Dozens of speakers voiced their anger toward Sunol Glen Unified School District Board President Ryan Jergensen at last week’s school board meeting after seeing an email between him and the school district’s attorney, Lindsay Moore, in which he asked if she could make a request to the Alameda County Registrar of Voters’ Office to get a copy of signed recall petitions.

The discussion came up during the April 23 board meeting after Trustee Peter (Ted) Romo leaked the conversation between the two and stated that it was an issue because in the email, Jergensen wrote that he wanted the inquiry to remain confidential.

“Just curious … Looks like an attorney for a school district can request a copy of signed petitions. Can you do that? Would you?” Jergensen said in the email to Moore on March 12. “Would you please keep this confidential and not share this question with Ted, (Molleen Barnes), or others as that would definitely cause quite a stir with the recall people even that I’m asking?” 

A screenshot of the leaked email between Board President Ryan Jergensen and the district’s attorney, which has since quit. (Screenshot taken from Trustee Peter (Ted) Romo’s letter to Inform Sunol)

Jergensen stated during his closing comments on April 23 that Moore sent Romo a memo stating that Romo was not legally allowed to disclose that confidential information and Jergensen said that after sending that memo, Moore quit her job as attorney for the district.

“With this knowledge, Mr. Romo intentionally violated the attorney-client privilege by releasing to the public, confidential communications between the attorney for the school district and members of the board,” Jergensen wrote in a statement to the Inform Sunol newsletter on April 22. “Mr. Romo’s lack of regard to his obligation of confidentiality now requires the school district to hire new counsel at the most inopportune time when we are right in the middle of bond projects and hiring a new superintendent/principal.”

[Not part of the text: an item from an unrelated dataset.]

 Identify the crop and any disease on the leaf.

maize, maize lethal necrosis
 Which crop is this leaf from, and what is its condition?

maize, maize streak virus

Despite Jergensen’s assertion that he had the fiduciary duty to the school district to request the names of those who signed the petition to recall him and Trustee Linda Hurley, both Hurley and Romo voted in favor of placing Romo’s resolution proposing to censure Jergensen on the agenda for the next meeting of the three-member board. 

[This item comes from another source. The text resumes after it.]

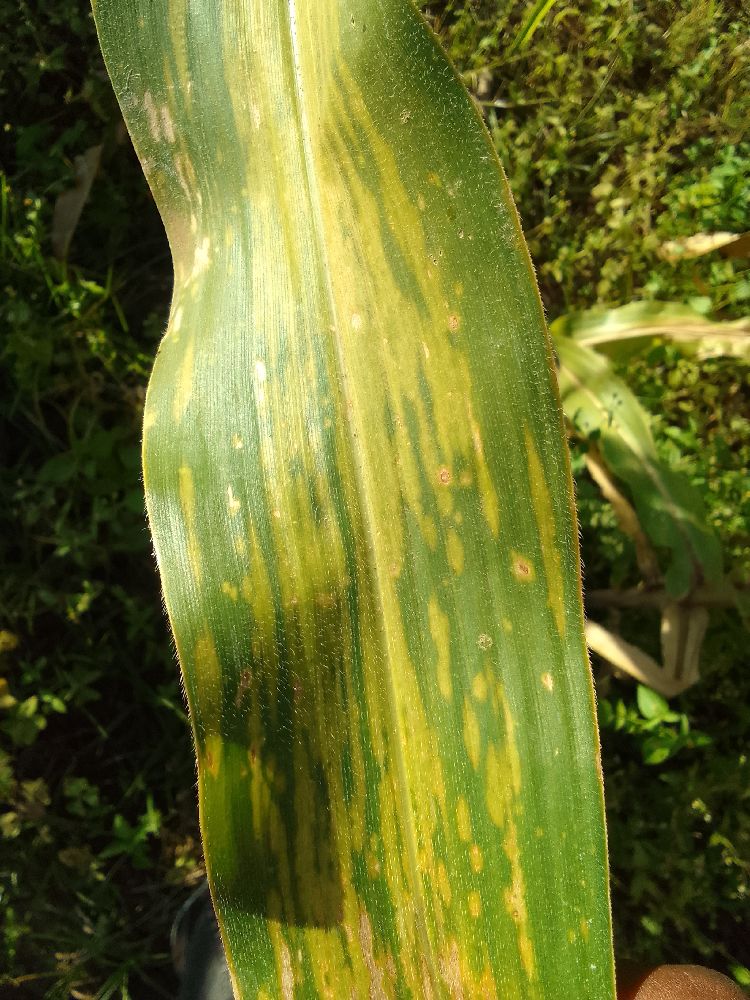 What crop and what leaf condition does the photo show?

maize, maize lethal necrosis
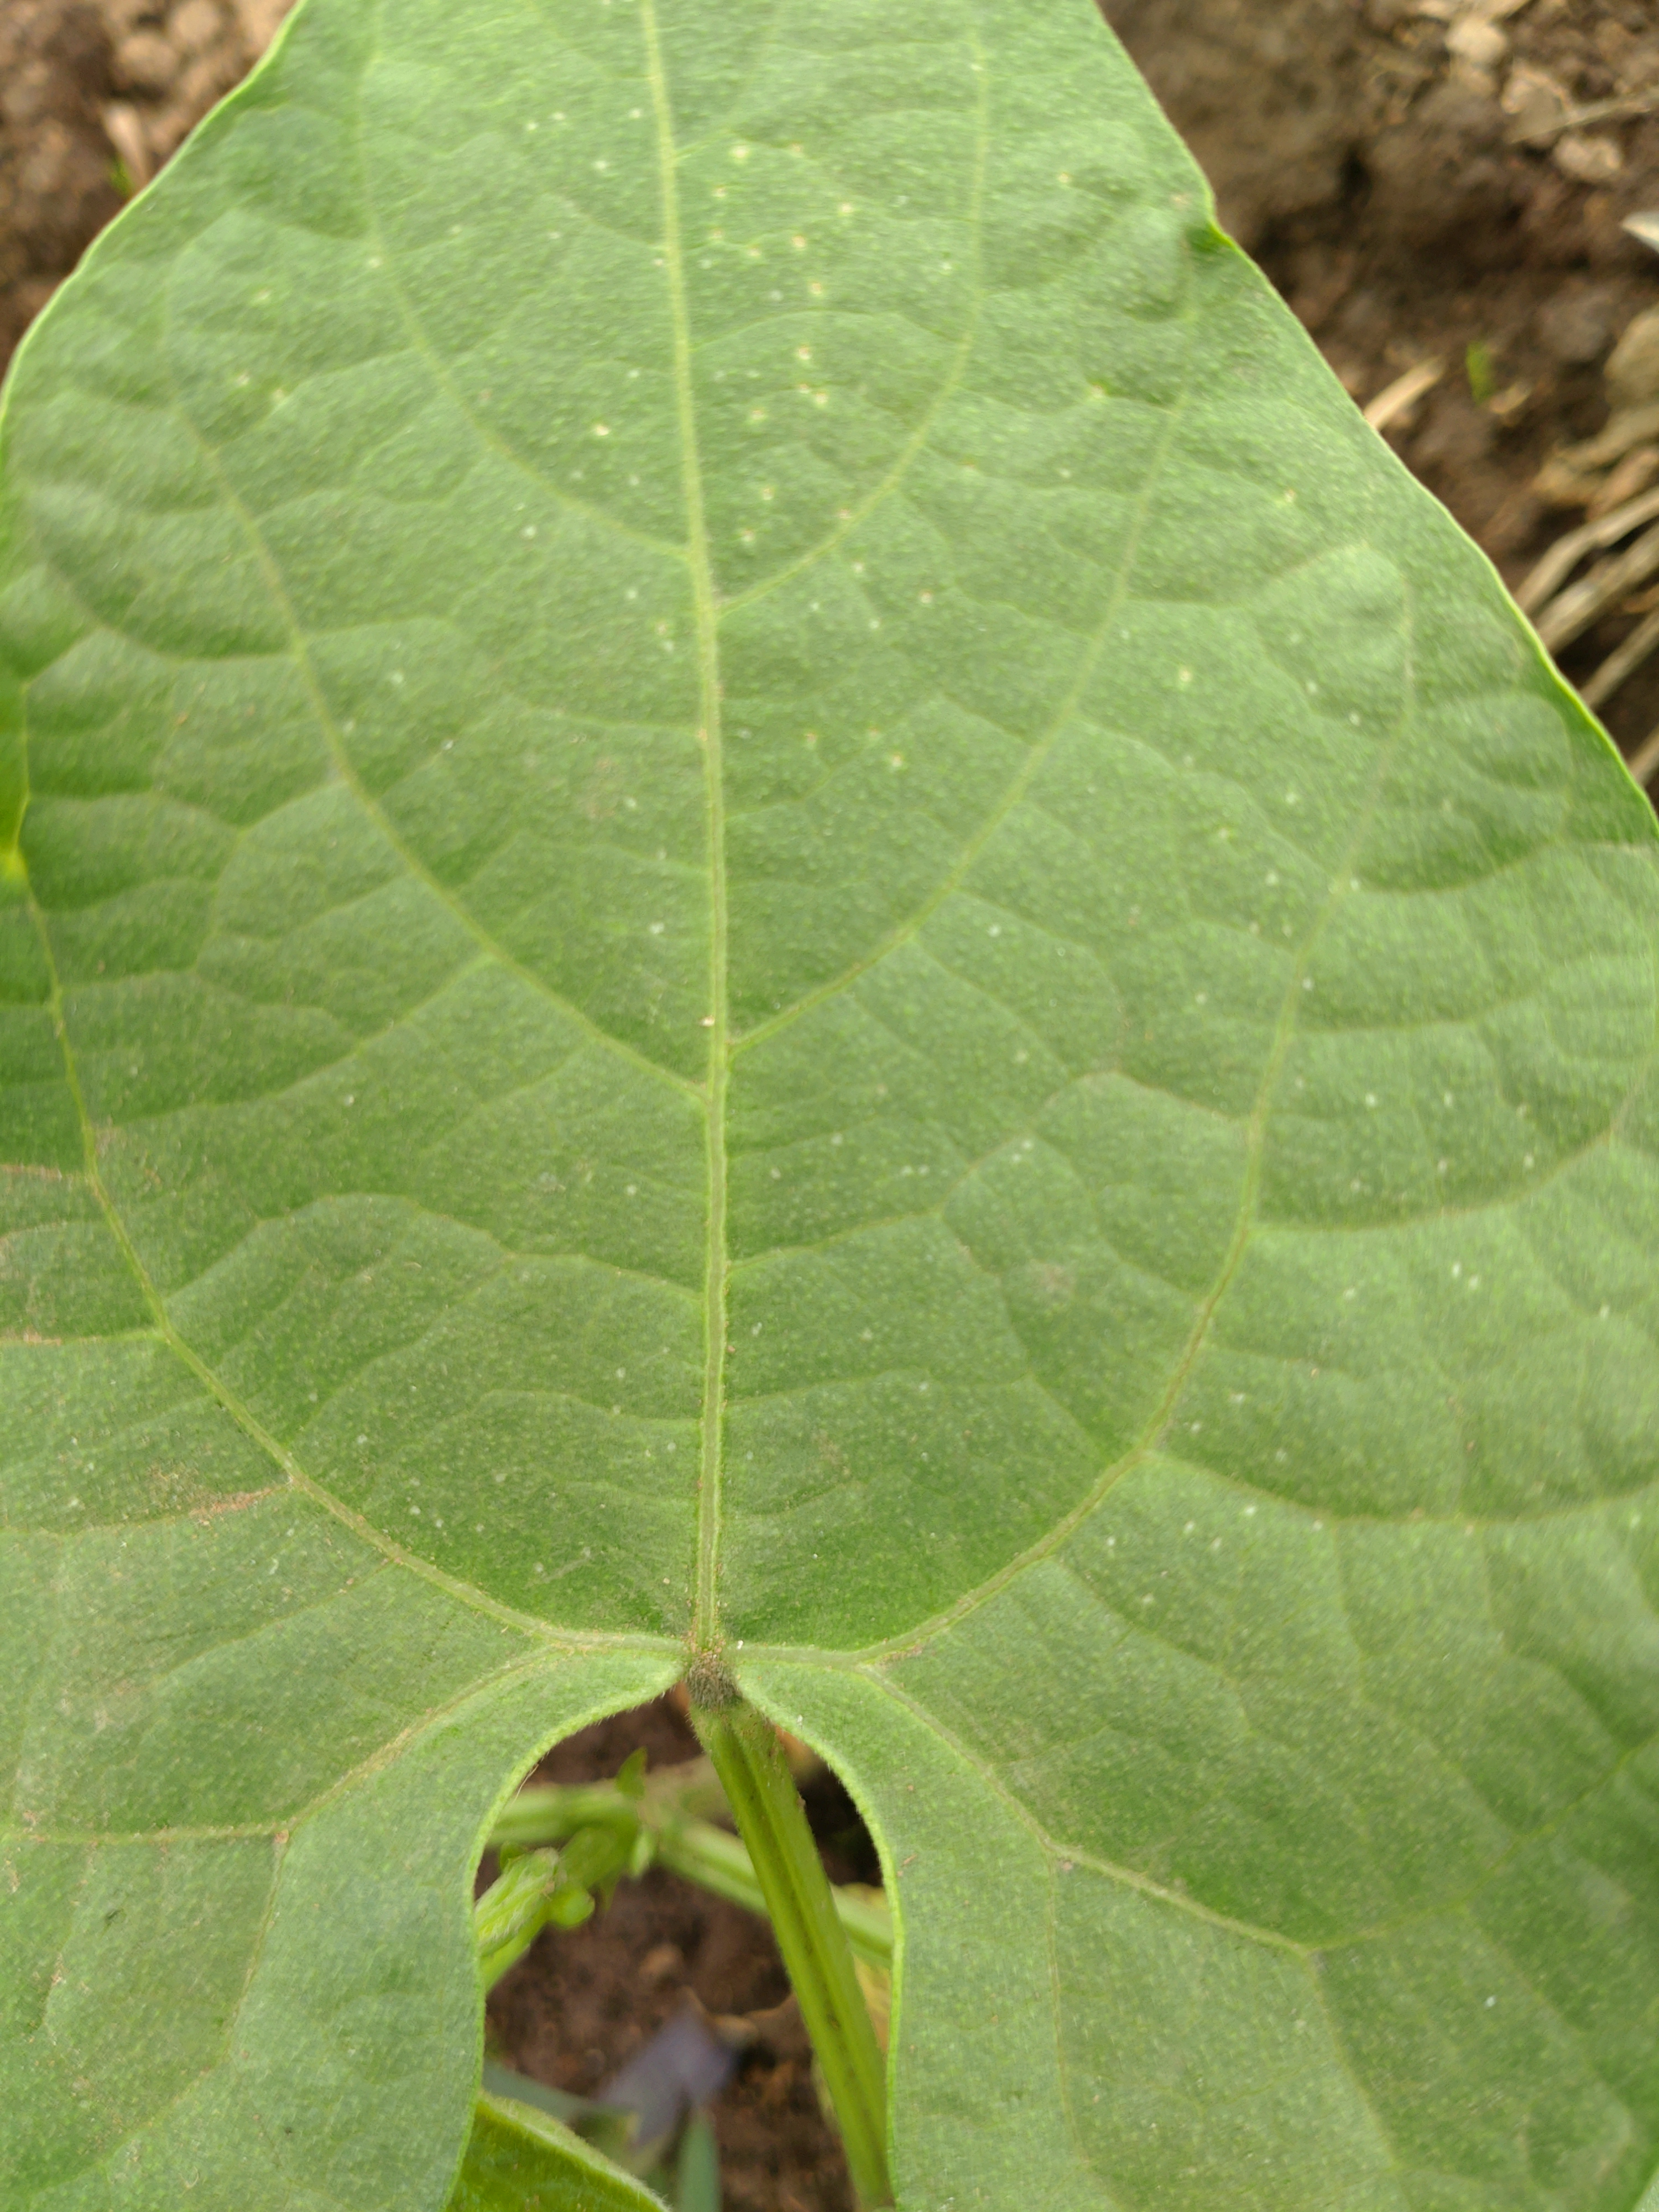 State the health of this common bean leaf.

healthy

Jergensen didn’t vote on the matter due to conflict of interest given that the resolution pertained to him.

Romo said during the meeting that originally, he had planned on placing his resolution to censure Jergensen on that week’s agenda.

The resolution goes over two governance board bylaws that state, among other things, that board members are expected to hold themselves to high ethical conduct standards and that they should not expend “any public money for the purpose of seeking elective office.”

It then lays out the email communication between Jergensen and Moore on March 12.

“Ryan Jergensen sought to have the district’s legal counsel use her position as counsel for the district, and expend time and resources of the district, in interactions with the Alameda County Registrar of Voters, to ‘request a copy of signed petitions’ of individuals who signed petitions for Ryan’s recall as a member of the governing board,” the resolution states.

Late last year Sunol residents, commuter parents and community members formed a pro-recall campaign that worked on gathering signatures and getting a petition passed by the county to conduct a recall election for Jergensen and Hurley

A pro-recall supporter hold a sign during a packed Sunol school board meeting on April 23. (Photo courtesy of United for Sunol Glen)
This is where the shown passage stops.